Application-Specific Performance
1.2379 and its equivalents excel in specific areas of tooling: K110 tool steel is favored in the European markets for applications such as molds requiring high surface finish. SKD11 dominates in Asian precision tooling industries, where high toughness and wear resistance are crucial.
These differences help in selecting the right steel grade based on specific regional standards and performance requirements.
Advantages and Processing Considerations
1.2379 tool steel offers several key advantages that make it highly suitable for demanding applications, particularly in cold work tooling and wear-resistant components.
Advantages:
1.2379 tool steel offers several notable advantages that make it highly suitable for demanding applications. Its superior wear resistance, due to high carbon and chromium content, ensures long-lasting cutting edges and excellent performance in abrasive environments. After heat treatment, it can achieve remarkable hardness of up to 62 HRC, providing exceptional strength and durability. Additionally, it maintains good dimensional stability with minimal warping during heat treatment, which is crucial for precision tool production. While it has moderate corrosion resistance when polished, allowing for some protection against rust and oxidation, 1.2379 also boasts high compressive strength, enabling it to withstand heavy loads and impacts without significant deformation, making it ideal for high-stress environments. The steel’s good machinability in its annealed condition facilitates efficient manufacturing of tools, and its nitriding capability, enhanced by special heat treatments, improves surface hardness and wear resistance further. Furthermore, 1.2379 possesses secondary hardening properties that allow for additional surface treatments, such as coatings, enhancing overall performance. It strikes a balanced blend of toughness and hardness, delivering reliable strength and impact resistance across various heavy-duty applications, while also maintaining excellent edge retention for extended periods, essential for cutting tools in precision operations.
Processing Tips:
For processing 1.2379 tool steel, annealing involves heating it to 800–850°C under protective gas.And then slowly cooling it to ≤250 HBW to relieve stresses and soften the material.

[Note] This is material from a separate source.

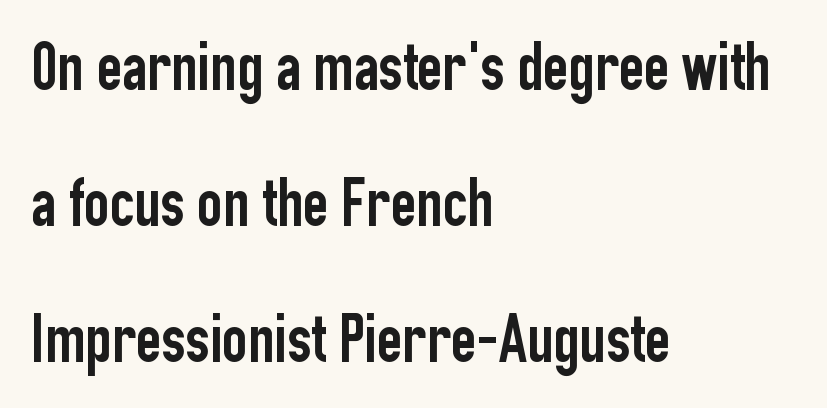
The image shows 69 px condensed sans-serif type, upright; set left-aligned, loose line spacing (1.97x), normal letter spacing, not underlined; low stroke contrast and a medium x-height.
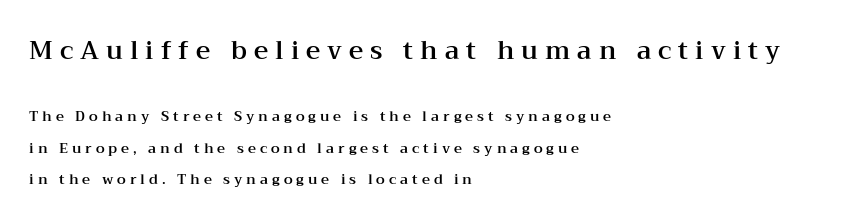
{"italic": "no", "underline": "no", "align": "left", "line_spacing": "loose", "line_spacing_ratio": 2.22, "letter_spacing": "wide", "letter_spacing_em": 0.28, "larger_block": "first", "size_ratio": 1.79, "glyph_px": 25}

Quenching requires austenitizing at 975–1040°C, followed by oil or air cooling. To retain optimal hardness, low-temperature tempering at 150–200°C is recommended, achieving hardness ≥61 HRC.
These processing guidelines, combined with 1.2379 tool steel’s superior properties, make it a reliable choice for cold work tooling, precision cutting instruments, and wear-resistant components in high-performance industrial environments.
summary
In the world of tool steels, 1.2379 tool steel stands out as a powerful and versatile choice, offering unmatched wear resistance and strength. Whether you’re working with cutting tools, molds, or precision dies, this steel delivers exceptional performance in demanding applications. As technology advances, the value of materials like 1.2379 tool steel continues to shine, reminding us that the right material can make all the difference in achieving success. Keep exploring, and you’ll find that the best tools are built from the strongest steels.